In Gay, Love on October 27, 2012 at 11:16 am

Eclipse

‘Clinging to me, like the last breath you would breathe, you were like home to me, I don’t recognise this street.’

– Ellie Goulding

I stepped off the train and breathed in my hometown, I was glad to be back, excited to walk old walks, and high on the thought of seeing old friends, but from the very first moment, I knew that something wasn’t quite right. I could feel a pair of eyes watching me, stalking me through the station, and following me as I wound back through the streets I’d once escaped from.

But every time I turned around and sought them out, there was nothing, so I carelessly shrugged them off and settled back into the warmth of the place that I once called my home. I awkwardly lingered at first, a stranger in my own home, except it wasn’t my home anymore, it hadn’t been for quite some time.

Things had changed, new pictures hung on the wall, new furniture filled the room, and new trinkets cluttered the mantle. When you disappear you kind of expect life to stand still behind you, but it doesn’t, you move on, and life moves on with you. It was obvious that like me, my ex had built a new life for himself, and the only thing left of the love we once shared were two silver rings sat next to a picture of a loving couple posing for their engagement.

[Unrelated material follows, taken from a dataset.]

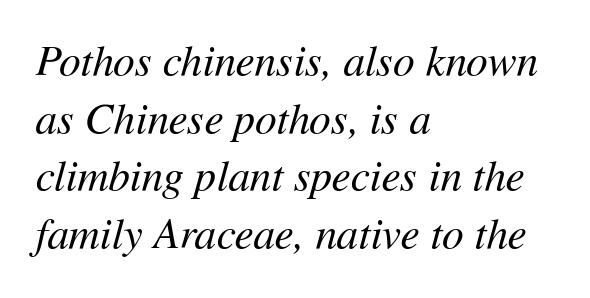
The image shows 43 px regular-weight type, italic (leaning right); set left-aligned, normal line spacing (1.34x), normal letter spacing, not underlined; medium stroke contrast and a medium x-height.
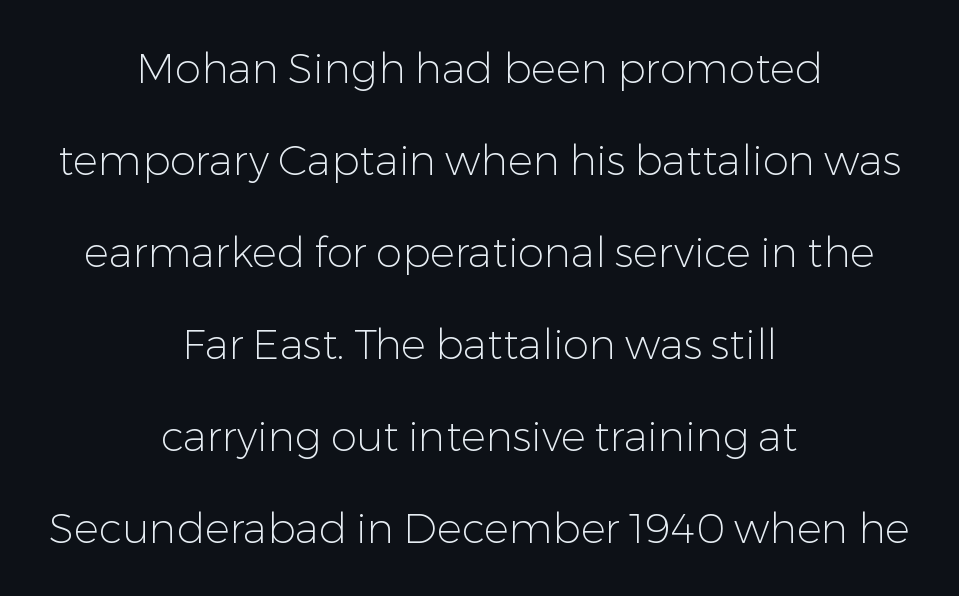
Default kerning and tracking; the words read as compact shapes. The cut favours lightness, reaching ordinary text weight at its darkest. The rendering shows plain stroke endings on the letterforms — a sans-serif design. Words float on clear page, feet unadorned. The setting favours the middle, as headings and verse often do.

I once knew one of those boys as myself, but he was a stranger to me now, I didn’t recognise him anymore.

I smiled at the photo, placed one of the cold metal bands between my fingers, and let everything it stood for wash over me, a memory that once haunted my every waking dream, a memory that once corrupted me, a memory I thought I was now strong enough to face.

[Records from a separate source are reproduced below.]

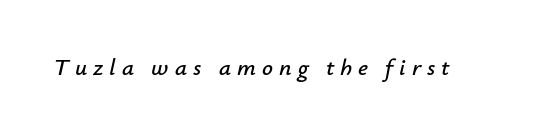
The image shows 24 px text type, italic (leaning right); set unusually wide letter spacing (+0.25 em), not underlined.
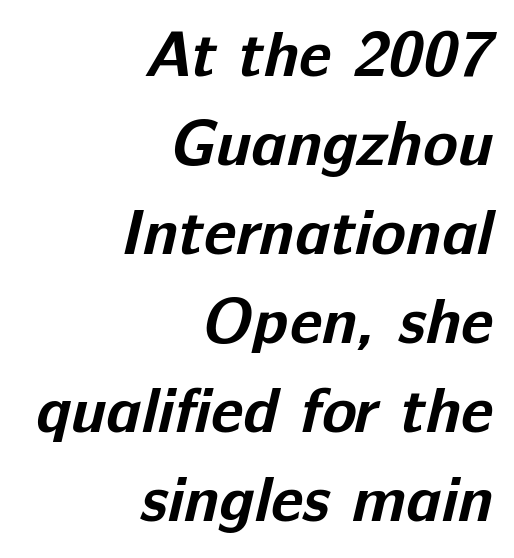
Q: Is the text bold? A: Yes.
Q: Is the typeface a serif or a sans-serif typeface? A: Sans-serif.
Q: Is the text underlined? A: No.
Q: How is the paragraph aligned? A: Right-aligned.
Q: Is the spacing between letters normal or unusually wide? A: Normal.
Q: Is the spacing between lines tight, normal or loose? A: Normal.
Q: Width (condensed, normal, or wide)? A: Normal.
Q: Stroke contrast? A: Low.
Q: x-height? A: Medium.
Q: Monospaced? A: No.
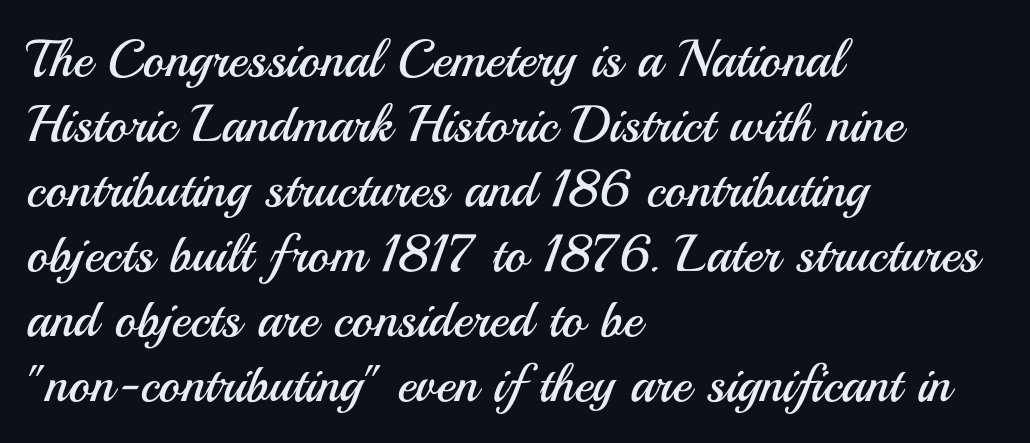
Q: Is the text bold? A: No.
Q: Is the text italic (slanted)? A: Yes.
Q: Is the typeface a serif or a sans-serif typeface? A: Sans-serif.
Q: Is the text underlined? A: No.
Q: How is the paragraph aligned? A: Left-aligned.
Q: Is the spacing between letters normal or unusually wide? A: Normal.
Q: Is the spacing between lines tight, normal or loose? A: Normal.
Q: Width (condensed, normal, or wide)? A: Normal.
Q: Stroke contrast? A: Medium.
Q: x-height? A: Small.
Q: Monospaced? A: No.

It was all too easy to fall back into the life I once knew, to have dinner with the boy who was once my world, to indulge in the things that once constituted my day-to-day life. I fell so hard into old habits that I very nearly forgot the new life I’d made for myself. I indulged in false luxuries, wrapped myself in the warmth of a familiar hug, and cherished the companionship of old friends, but deep down inside I could feel this inexplicable deep hollow ache that was slowly but surely consuming me.

The thing about a broken home is that no matter how far it has fallen into disrepair, it will always feel like home, and with my new found longing, I was happy to give myself over to it, I welcomed each new day with a smile, and very nearly forgot about the pain and suffering that once drove me to the brink of madness. I lay down in the comforting rubble of my former life, and turned a blind eye to the demons that crawled the streets, the phantoms that haunted my dreams, and the slow consuming agony that was building up inside me.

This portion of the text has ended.